Rechtssatz 1
§ 75 Abs. 13 AsylG 2005 idF des Fremdenrechtsänderungsgesetzes 2009 BGBl. I 122 (in der Folge: FrÄG 2009) lautet: "Änderungen der Rechtslage nach diesem Bundesgesetz stellen keinen Grund für Zurückverweisungen gemäß § 66 AVG dar."
Die Materialien dazu (Erläut. zur RV des FrÄG 2009, 330 BlgNR 24. GP, 27) beschränken sich auf die Aussage, § 75 Abs. 13 AsylG 2005 stelle "klar, dass eine Änderung der Rechtslage keine Zurückverweisung nach § 66 AVG rechtfertigt".

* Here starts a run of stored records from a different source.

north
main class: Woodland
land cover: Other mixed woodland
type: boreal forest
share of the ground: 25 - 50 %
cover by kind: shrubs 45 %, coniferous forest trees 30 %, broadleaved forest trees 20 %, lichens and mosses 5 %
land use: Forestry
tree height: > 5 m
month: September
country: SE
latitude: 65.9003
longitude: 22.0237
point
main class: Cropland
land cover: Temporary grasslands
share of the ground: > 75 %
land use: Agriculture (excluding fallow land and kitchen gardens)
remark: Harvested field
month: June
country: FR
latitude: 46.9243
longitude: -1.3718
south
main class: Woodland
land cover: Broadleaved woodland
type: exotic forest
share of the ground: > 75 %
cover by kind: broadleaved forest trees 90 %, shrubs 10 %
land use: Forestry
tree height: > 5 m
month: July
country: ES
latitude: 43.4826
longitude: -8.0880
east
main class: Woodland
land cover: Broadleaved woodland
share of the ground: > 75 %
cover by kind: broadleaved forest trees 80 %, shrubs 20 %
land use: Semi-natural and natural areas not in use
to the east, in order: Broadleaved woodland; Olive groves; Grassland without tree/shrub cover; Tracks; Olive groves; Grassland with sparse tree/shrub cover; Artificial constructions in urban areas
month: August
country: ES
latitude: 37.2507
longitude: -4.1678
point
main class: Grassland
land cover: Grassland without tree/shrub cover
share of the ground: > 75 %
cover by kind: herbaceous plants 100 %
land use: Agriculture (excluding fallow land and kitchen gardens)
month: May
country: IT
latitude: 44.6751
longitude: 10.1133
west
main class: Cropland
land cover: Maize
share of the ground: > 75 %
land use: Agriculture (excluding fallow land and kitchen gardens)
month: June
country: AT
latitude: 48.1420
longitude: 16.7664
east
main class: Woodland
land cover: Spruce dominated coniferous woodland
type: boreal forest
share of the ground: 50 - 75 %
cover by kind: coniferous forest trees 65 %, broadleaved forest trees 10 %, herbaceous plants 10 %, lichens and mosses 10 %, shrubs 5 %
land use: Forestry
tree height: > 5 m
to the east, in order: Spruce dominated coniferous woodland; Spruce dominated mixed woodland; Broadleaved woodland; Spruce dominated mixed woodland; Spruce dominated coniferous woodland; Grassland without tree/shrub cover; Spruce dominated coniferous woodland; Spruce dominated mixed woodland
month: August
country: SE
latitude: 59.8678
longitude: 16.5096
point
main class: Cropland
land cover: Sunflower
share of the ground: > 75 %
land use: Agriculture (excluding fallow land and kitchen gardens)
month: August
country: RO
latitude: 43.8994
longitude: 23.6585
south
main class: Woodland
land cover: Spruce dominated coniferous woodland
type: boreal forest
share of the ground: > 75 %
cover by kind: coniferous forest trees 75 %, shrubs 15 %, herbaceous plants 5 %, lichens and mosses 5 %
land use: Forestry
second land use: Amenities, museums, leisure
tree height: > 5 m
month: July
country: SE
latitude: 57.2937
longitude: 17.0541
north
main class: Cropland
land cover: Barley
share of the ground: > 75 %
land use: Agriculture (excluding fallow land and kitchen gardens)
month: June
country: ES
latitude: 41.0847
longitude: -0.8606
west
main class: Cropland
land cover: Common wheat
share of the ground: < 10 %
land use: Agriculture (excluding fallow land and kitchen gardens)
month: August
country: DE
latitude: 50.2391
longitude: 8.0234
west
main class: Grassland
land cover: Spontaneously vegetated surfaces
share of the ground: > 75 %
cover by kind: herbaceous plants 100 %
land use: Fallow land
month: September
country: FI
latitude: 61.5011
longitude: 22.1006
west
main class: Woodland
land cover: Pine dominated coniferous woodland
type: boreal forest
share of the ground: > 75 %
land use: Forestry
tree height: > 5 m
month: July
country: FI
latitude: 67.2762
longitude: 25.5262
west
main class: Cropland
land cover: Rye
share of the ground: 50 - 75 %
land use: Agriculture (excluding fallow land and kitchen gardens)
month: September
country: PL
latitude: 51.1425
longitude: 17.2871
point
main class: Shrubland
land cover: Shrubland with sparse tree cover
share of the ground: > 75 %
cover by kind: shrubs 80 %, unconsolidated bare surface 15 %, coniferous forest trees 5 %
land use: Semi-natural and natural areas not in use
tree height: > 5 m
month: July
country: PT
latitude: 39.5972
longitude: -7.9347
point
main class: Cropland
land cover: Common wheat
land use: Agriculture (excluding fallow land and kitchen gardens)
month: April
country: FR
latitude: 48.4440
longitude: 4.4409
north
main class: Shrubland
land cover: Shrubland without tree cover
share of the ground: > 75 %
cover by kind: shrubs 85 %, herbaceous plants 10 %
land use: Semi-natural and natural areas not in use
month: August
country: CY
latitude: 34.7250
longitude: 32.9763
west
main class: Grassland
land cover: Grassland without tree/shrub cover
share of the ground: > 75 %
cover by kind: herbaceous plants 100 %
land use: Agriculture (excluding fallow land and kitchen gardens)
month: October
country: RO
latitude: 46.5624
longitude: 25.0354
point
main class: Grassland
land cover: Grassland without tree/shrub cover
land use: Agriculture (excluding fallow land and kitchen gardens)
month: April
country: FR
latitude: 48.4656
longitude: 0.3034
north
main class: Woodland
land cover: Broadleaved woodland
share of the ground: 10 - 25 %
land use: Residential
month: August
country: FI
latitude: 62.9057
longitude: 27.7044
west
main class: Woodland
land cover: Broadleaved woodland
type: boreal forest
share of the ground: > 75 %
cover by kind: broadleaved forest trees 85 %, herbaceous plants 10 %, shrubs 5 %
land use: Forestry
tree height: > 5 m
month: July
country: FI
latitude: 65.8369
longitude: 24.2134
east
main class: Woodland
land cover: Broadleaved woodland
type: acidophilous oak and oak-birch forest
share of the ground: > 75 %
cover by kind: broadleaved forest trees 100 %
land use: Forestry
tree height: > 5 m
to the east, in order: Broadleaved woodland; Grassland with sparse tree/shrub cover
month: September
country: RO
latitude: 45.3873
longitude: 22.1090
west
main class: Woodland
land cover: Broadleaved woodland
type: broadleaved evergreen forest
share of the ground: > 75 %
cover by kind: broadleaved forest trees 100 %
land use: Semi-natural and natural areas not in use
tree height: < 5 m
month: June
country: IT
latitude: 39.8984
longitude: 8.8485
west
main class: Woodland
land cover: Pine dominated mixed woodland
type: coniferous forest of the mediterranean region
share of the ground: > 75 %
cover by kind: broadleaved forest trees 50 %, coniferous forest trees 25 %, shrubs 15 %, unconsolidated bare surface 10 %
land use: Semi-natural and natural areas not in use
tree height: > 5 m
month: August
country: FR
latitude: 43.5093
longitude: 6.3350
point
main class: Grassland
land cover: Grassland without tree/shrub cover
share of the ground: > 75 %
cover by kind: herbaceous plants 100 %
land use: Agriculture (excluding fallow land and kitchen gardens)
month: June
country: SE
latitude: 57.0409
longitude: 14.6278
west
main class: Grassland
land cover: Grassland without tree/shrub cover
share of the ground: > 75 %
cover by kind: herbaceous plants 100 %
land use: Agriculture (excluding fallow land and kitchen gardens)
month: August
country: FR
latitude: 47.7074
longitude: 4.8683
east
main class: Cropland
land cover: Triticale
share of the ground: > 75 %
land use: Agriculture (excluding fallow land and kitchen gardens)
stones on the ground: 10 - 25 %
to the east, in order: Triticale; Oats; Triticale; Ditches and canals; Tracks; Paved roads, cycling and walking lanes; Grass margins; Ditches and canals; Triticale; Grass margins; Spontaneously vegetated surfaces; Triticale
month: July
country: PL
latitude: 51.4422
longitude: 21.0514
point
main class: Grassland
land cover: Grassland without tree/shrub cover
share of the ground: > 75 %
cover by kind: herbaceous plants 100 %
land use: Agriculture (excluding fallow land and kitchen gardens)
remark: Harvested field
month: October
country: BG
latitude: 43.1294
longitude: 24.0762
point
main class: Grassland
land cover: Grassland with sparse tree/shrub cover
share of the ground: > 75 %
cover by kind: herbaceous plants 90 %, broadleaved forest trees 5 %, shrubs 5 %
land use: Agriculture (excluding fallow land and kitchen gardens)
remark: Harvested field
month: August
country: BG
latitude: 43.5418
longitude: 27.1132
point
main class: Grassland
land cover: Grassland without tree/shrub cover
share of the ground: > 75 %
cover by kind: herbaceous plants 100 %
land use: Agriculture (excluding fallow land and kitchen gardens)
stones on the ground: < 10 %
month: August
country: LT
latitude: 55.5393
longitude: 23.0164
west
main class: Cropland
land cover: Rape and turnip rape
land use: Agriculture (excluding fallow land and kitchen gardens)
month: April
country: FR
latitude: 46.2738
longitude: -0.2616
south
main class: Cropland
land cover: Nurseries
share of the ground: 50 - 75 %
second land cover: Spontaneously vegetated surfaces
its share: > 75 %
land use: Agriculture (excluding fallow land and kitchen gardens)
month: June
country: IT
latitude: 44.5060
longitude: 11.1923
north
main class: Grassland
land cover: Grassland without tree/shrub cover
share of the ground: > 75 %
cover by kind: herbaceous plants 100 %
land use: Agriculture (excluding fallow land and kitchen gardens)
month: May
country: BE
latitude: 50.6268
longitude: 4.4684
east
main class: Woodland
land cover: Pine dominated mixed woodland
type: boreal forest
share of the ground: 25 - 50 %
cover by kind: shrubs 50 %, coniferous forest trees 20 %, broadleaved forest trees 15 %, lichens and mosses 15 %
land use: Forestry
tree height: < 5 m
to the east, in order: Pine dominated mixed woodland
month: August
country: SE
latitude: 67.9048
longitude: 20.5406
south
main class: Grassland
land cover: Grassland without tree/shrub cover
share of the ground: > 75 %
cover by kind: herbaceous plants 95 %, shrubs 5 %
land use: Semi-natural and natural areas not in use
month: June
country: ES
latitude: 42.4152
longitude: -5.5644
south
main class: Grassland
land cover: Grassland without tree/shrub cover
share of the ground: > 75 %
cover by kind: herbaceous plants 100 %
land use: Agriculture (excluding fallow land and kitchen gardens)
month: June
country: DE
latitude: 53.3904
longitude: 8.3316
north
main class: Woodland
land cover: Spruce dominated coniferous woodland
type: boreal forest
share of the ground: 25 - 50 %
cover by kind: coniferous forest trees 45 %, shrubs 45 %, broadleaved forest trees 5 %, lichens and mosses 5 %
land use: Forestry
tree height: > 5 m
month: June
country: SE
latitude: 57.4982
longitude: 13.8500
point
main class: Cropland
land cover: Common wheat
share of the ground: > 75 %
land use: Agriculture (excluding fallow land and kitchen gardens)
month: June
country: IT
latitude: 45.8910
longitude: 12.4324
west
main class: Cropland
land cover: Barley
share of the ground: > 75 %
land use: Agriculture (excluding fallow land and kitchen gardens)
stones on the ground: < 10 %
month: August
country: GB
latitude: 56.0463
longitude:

Der Asylgerichtshof geht davon aus, dass mit den "Zurückverweisungen gemäß § 66 AVG" Zurückverweisungen iSd § 66 Abs. 2 AVG gemeint ist. Nach dem insoweit eindeutigen Text des § 75 Abs. 13 AsylG 2005 - der ja ein Teil des AsylG 2005 ist - bezieht sich diese Bestimmung auf Änderungen der Rechtslage durch das AsylG 2005, das als Art. 2 des Fremdenrechtspakets 2005 erlassen worden und am 1.1.2006 in Kraft getreten ist. Der Asylgerichtshof geht jedoch davon aus, dass der Gesetzgeber mit dieser Wendung eine Änderung der Rechtslage durch jenes Gesetz im Auge hatte, durch das § 75 Abs. 13 AsylG 2005 eingeführt wurde, nämlich durch das FrÄG 2009, und zwar deshalb, weil durch das AsylG 2005 (bei seinem Inkrafttreten) damals anhängige Verfahren (also solche nach dem AsylG 1997) kaum berührt wurden (vgl. dazu § 75 Abs. 1 AsylG 2005 in der Stammfassung), anders als die am 1.1.2010 anhängigen Verfahren nach dem AsylG 2005 durch das FrÄG 2009 (vgl. im Übrigen ähnlich missverständliche Formulierungen in §§ 42 a, 44 Abs. 5 erster Satz und Abs. 7 erster Satz AsylG 1997 idF der Novelle 2003).
Es wäre daher unzulässig, den angefochtenen Bescheid gemäß § 66 Abs. 2 AVG iVm § 23 Abs. 1 AsylGHG zu beheben und die Angelegenheit gemäß dieser Bestimmung zur neuerlichen Verhandlung und Erlassung eines neuen Bescheides an das Bundesasylamt zurückzuverweisen, wenn Grund dafür eine Änderung der Rechtslage durch das FrÄG 2009 wäre. Dies wäre offenkundig dann der Fall, wenn der "Sachverhalt" (iSd § 66 Abs. 2 AVG), beurteilt nach der Rechtslage vor dem FrÄG 2009, nicht "qualifiziert" mangelhaft (wie in § 66 Abs. 2 AVG umschrieben) war, dies aber nunmehr geworden ist, wenn die durch das FrÄG 2009 eingetretenen Änderungen den Sachverhalt also nachträglich als mangelhaft erscheinen lassen (weil etwa durch das FrÄG 2009 neue Tatbestandselemente eingeführt worden sind, zu deren Beurteilung neue Feststellungen erforderlich sind, die nach der alten Rechtslage nicht geboten waren).